Any comments or suggestions are welcomed.

Regards,
Gu

On 05/14/2015 07:33 PM, Gu Zheng wrote:

> Yasuaki Ishimatsu found that with node online/offline, cpu<->node
> relationship is established. Because workqueue uses a info which
> was established at boot time, but it may be changed by node hotpluging.
> 
> Once pool->node points to a stale node, following allocation failure
> happens.
>   ==
>      SLUB: Unable to allocate memory on node 2 (gfp=0x80d0)

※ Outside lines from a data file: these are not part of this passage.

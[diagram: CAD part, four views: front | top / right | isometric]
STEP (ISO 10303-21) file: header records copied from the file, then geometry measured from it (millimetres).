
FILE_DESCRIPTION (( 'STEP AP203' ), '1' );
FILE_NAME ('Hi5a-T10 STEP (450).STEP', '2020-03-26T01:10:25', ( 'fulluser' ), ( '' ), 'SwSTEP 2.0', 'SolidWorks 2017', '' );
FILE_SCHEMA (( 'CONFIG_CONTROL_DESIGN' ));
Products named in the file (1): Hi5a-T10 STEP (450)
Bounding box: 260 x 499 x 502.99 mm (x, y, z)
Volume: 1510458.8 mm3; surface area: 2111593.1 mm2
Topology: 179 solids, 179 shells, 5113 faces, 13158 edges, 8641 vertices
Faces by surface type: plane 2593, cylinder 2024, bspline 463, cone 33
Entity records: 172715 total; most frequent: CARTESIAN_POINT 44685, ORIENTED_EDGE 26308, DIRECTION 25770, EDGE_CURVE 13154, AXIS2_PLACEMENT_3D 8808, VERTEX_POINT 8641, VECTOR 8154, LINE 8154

>       cache: kmalloc-192, object size: 192, buffer size: 192, default
> order:
>     1, min order: 0
>       node 0: slabs: 6172, objs: 259224, free: 245741
>       node 1: slabs: 3261, objs: 136962, free: 127656
>   ==
> 
> As the apicid <---> pxm and pxm <--> node relationship are persistent, then
> the apicid <--> node mapping is persistent, so the root cause is the
> cpu-id <-> lapicid mapping is not persistent (because the currently
> implementation always choose the first free cpu id for the new added cpu).
> If we can build persistent cpu-id <-> lapicid relationship, this problem
> will be fixed.
> 
> This patch tries to build the whole world mapping cpuid <-> apicid <-> pxm <-> node
> for all possible processor at the boot, the detail implementation are 2 steps:
> 
> Step1: generate a logic cpu id for all the local apic (both enabled and dsiabled)

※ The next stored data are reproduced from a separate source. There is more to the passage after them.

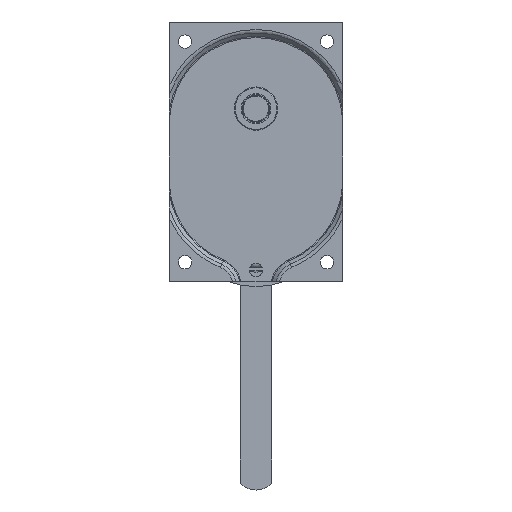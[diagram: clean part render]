
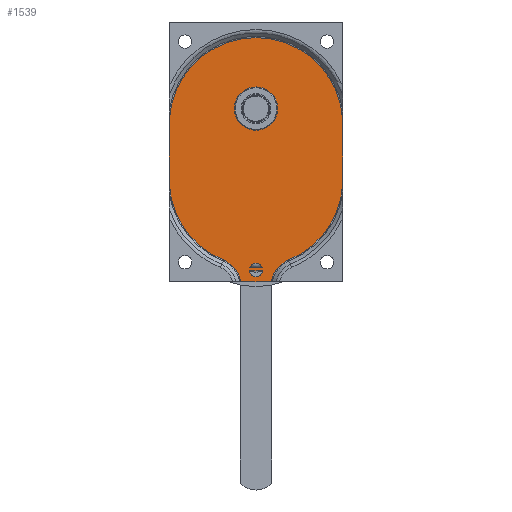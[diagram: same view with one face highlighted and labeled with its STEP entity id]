
A CAD part, left-side view. The second image highlights one B-rep face of the part: STEP entity #1539.
In plain terms, the highlighted face is planar.
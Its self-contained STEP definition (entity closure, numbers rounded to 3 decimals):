
#1539=ADVANCED_FACE('',(#3929,#3930,#3931,#3932),#3933,.T.);
#3929=FACE_OUTER_BOUND('',#7848,.T.);
#3930=FACE_BOUND('',#7849,.T.);
#3931=FACE_BOUND('',#7850,.T.);
#3932=FACE_BOUND('',#7851,.T.);
#3933=PLANE('',#7852);
#7848=EDGE_LOOP('',(#14490,#14491,#14492,#14493,#14494,#14495,#14496,#14497));
#7849=EDGE_LOOP('',(#14498,#14499));
#7850=EDGE_LOOP('',(#14500));
#7851=EDGE_LOOP('',(#14501,#14502));
#7852=AXIS2_PLACEMENT_3D('',#14503,#14504,#14505);
#14490=ORIENTED_EDGE('',*,*,#21967,.T.);
#14491=ORIENTED_EDGE('',*,*,#22425,.T.);
#14492=ORIENTED_EDGE('',*,*,#21781,.F.);
#14493=ORIENTED_EDGE('',*,*,#22426,.T.);
#14494=ORIENTED_EDGE('',*,*,#21861,.F.);
#14495=ORIENTED_EDGE('',*,*,#21748,.T.);
#14496=ORIENTED_EDGE('',*,*,#22427,.T.);
#14497=ORIENTED_EDGE('',*,*,#22428,.F.);
#14498=ORIENTED_EDGE('',*,*,#22429,.F.);
#14499=ORIENTED_EDGE('',*,*,#22430,.F.);
#14500=ORIENTED_EDGE('',*,*,#22431,.F.);
#14501=ORIENTED_EDGE('',*,*,#22432,.F.);
#14502=ORIENTED_EDGE('',*,*,#22012,.T.);
#14503=CARTESIAN_POINT('',(50.604,113.267,7.));
#14504=DIRECTION('',(0.,0.,-1.));
#14505=DIRECTION('',(0.,-1.,0.));
#21748=EDGE_CURVE('',#25272,#25273,#25274,.T.);
#21781=EDGE_CURVE('',#25328,#25330,#25331,.T.);
#21861=EDGE_CURVE('',#25272,#25471,#25472,.T.);
#21967=EDGE_CURVE('',#25648,#25649,#25650,.T.);
#22012=EDGE_CURVE('',#25725,#25723,#25726,.T.);
#22425=EDGE_CURVE('',#25649,#25330,#26414,.T.);
#22426=EDGE_CURVE('',#25328,#25471,#26415,.T.);
#22427=EDGE_CURVE('',#25273,#26416,#26417,.T.);
#22428=EDGE_CURVE('',#25648,#26416,#26418,.T.);
#22429=EDGE_CURVE('',#26419,#26420,#26421,.T.);
#22430=EDGE_CURVE('',#26420,#26419,#26422,.T.);
#22431=EDGE_CURVE('',#26423,#26423,#26424,.T.);
#22432=EDGE_CURVE('',#25725,#25723,#26425,.T.);
#25272=VERTEX_POINT('',#32056);
#25273=VERTEX_POINT('',#32057);
#25274=CIRCLE('',#32058,110.172);
#25328=VERTEX_POINT('',#32591);
#25330=VERTEX_POINT('',#32659);
#25331=LINE('',#32660,#32661);
#25471=VERTEX_POINT('',#33987);
#25472=LINE('',#33988,#33989);
#25648=VERTEX_POINT('',#35732);
#25649=VERTEX_POINT('',#35733);
#25650=CIRCLE('',#35734,36.828);
#25723=VERTEX_POINT('',#36165);
#25725=VERTEX_POINT('',#36168);
#25726=CIRCLE('',#36169,80.);
#26414=CIRCLE('',#41157,110.172);
#26415=CIRCLE('',#41158,110.172);
#26416=VERTEX_POINT('',#41159);
#26417=CIRCLE('',#41160,36.828);
#26418=LINE('',#41161,#41162);
#26419=VERTEX_POINT('',#41163);
#26420=VERTEX_POINT('',#41164);
#26421=CIRCLE('',#41165,8.5);
#26422=CIRCLE('',#41166,84.);
#26423=VERTEX_POINT('',#41167);
#26424=CIRCLE('',#41168,27.5);
#26425=CIRCLE('',#41169,8.5);
#32056=CARTESIAN_POINT('',(220.,123.854,7.));
#32057=CARTESIAN_POINT('',(151.576,27.974,7.));
#32058=AXIS2_PLACEMENT_3D('',#59198,#59199,#59200);
#32591=CARTESIAN_POINT('',(0.,206.146,7.));
#32659=CARTESIAN_POINT('',(0.,123.854,7.));
#32660=CARTESIAN_POINT('',(0.,0.,7.));
#32661=VECTOR('',#59230,1.);
#33987=CARTESIAN_POINT('',(220.,206.146,7.));
#33988=CARTESIAN_POINT('',(220.,0.,7.));
#33989=VECTOR('',#59297,1.);
#35732=CARTESIAN_POINT('',(90.84,0.,7.));
#35733=CARTESIAN_POINT('',(68.424,27.974,7.));
#35734=AXIS2_PLACEMENT_3D('',#59399,#59400,#59401);
#36165=CARTESIAN_POINT('',(117.799,18.381,7.));
#36168=CARTESIAN_POINT('',(102.201,18.381,7.));
#36169=AXIS2_PLACEMENT_3D('',#59455,#59456,#59457);
#41157=AXIS2_PLACEMENT_3D('',#59915,#59916,#59917);
#41158=AXIS2_PLACEMENT_3D('',#59918,#59919,#59920);
#41159=CARTESIAN_POINT('',(129.16,0.,7.));
#41160=AXIS2_PLACEMENT_3D('',#59921,#59922,#59923);
#41161=CARTESIAN_POINT('',(0.,0.,7.));
#41162=VECTOR('',#59924,1.);
#41163=CARTESIAN_POINT('',(118.481,14.429,7.));
#41164=CARTESIAN_POINT('',(101.519,14.429,7.));
#41165=AXIS2_PLACEMENT_3D('',#59925,#59926,#59927);
#41166=AXIS2_PLACEMENT_3D('',#59928,#59929,#59930);
#41167=CARTESIAN_POINT('',(82.5,220.,7.));
#41168=AXIS2_PLACEMENT_3D('',#59931,#59932,#59933);
#41169=AXIS2_PLACEMENT_3D('',#59934,#59935,#59936);
#59198=CARTESIAN_POINT('',(110.,130.,7.));
#59199=DIRECTION('',(0.,0.,-1.));
#59200=DIRECTION('',(-1.,0.,0.));
#59230=DIRECTION('',(0.,-1.,0.));
#59297=DIRECTION('',(0.,1.,0.));
#59399=CARTESIAN_POINT('',(54.526,-6.131,7.));
#59400=DIRECTION('',(0.,0.,1.));
#59401=DIRECTION('',(1.,0.,0.));
#59455=CARTESIAN_POINT('',(110.,98.,7.));
#59456=DIRECTION('',(0.,0.,1.));
#59457=DIRECTION('',(0.,-1.,0.));
#59915=CARTESIAN_POINT('',(110.,130.,7.));
#59916=DIRECTION('',(0.,0.,-1.));
#59917=DIRECTION('',(-1.,0.,0.));
#59918=CARTESIAN_POINT('',(110.,200.,7.));
#59919=DIRECTION('',(0.,0.,-1.));
#59920=DIRECTION('',(-1.,0.,0.));
#59921=CARTESIAN_POINT('',(165.474,-6.131,7.));
#59922=DIRECTION('',(0.,0.,1.));
#59923=DIRECTION('',(1.,0.,0.));
#59924=DIRECTION('',(1.,0.,0.));
#59925=CARTESIAN_POINT('',(110.,15.,7.));
#59926=DIRECTION('',(0.,0.,-1.));
#59927=DIRECTION('',(-1.,0.,0.));
#59928=CARTESIAN_POINT('',(110.,98.,7.));
#59929=DIRECTION('',(0.,0.,1.));
#59930=DIRECTION('',(0.,-1.,0.));
#59931=CARTESIAN_POINT('',(110.,220.,7.));
#59932=DIRECTION('',(0.,0.,-1.));
#59933=DIRECTION('',(-1.,0.,0.));
#59934=CARTESIAN_POINT('',(110.,15.,7.));
#59935=DIRECTION('',(0.,0.,-1.));
#59936=DIRECTION('',(-1.,0.,0.));

>        when register local apic
> Step2: map the cpu to the phyical node via an additional acpi ns walk for processor.
> 
> Please refer to:
> https://lkml.org/lkml/2015/2/27/145
> https://lkml.org/lkml/2015/3/25/989
> for the previous discussion.
> ---
>  V2: rebase on latest upstream.
> ---
> 
> Signed-off-by: Gu Zheng <guz.fnst@cn.fujitsu.com>
> ---
>  arch/ia64/kernel/acpi.c       |   2 +-
>  arch/x86/include/asm/mpspec.h |   1 +
>  arch/x86/kernel/acpi/boot.c   |   8 ++-
>  arch/x86/kernel/apic/apic.c   |  73 ++++++++++++++++++++-----
>  arch/x86/mm/numa.c            |  20 -------
>  drivers/acpi/acpi_processor.c |   2 +-
>  drivers/acpi/bus.c            |   3 ++
>  drivers/acpi/processor_core.c | 121 ++++++++++++++++++++++++++++++++++--------
>  include/linux/acpi.h          |   2 +
>  9 files changed, 172 insertions(+), 60 deletions(-)
> 
> diff --git a/arch/ia64/kernel/acpi.c b/arch/ia64/kernel/acpi.c
> index b1698bc..7db5563 100644
> --- a/arch/ia64/kernel/acpi.c
> +++ b/arch/ia64/kernel/acpi.c
> @@ -796,7 +796,7 @@ int acpi_isa_irq_to_gsi(unsigned isa_irq, u32 *gsi)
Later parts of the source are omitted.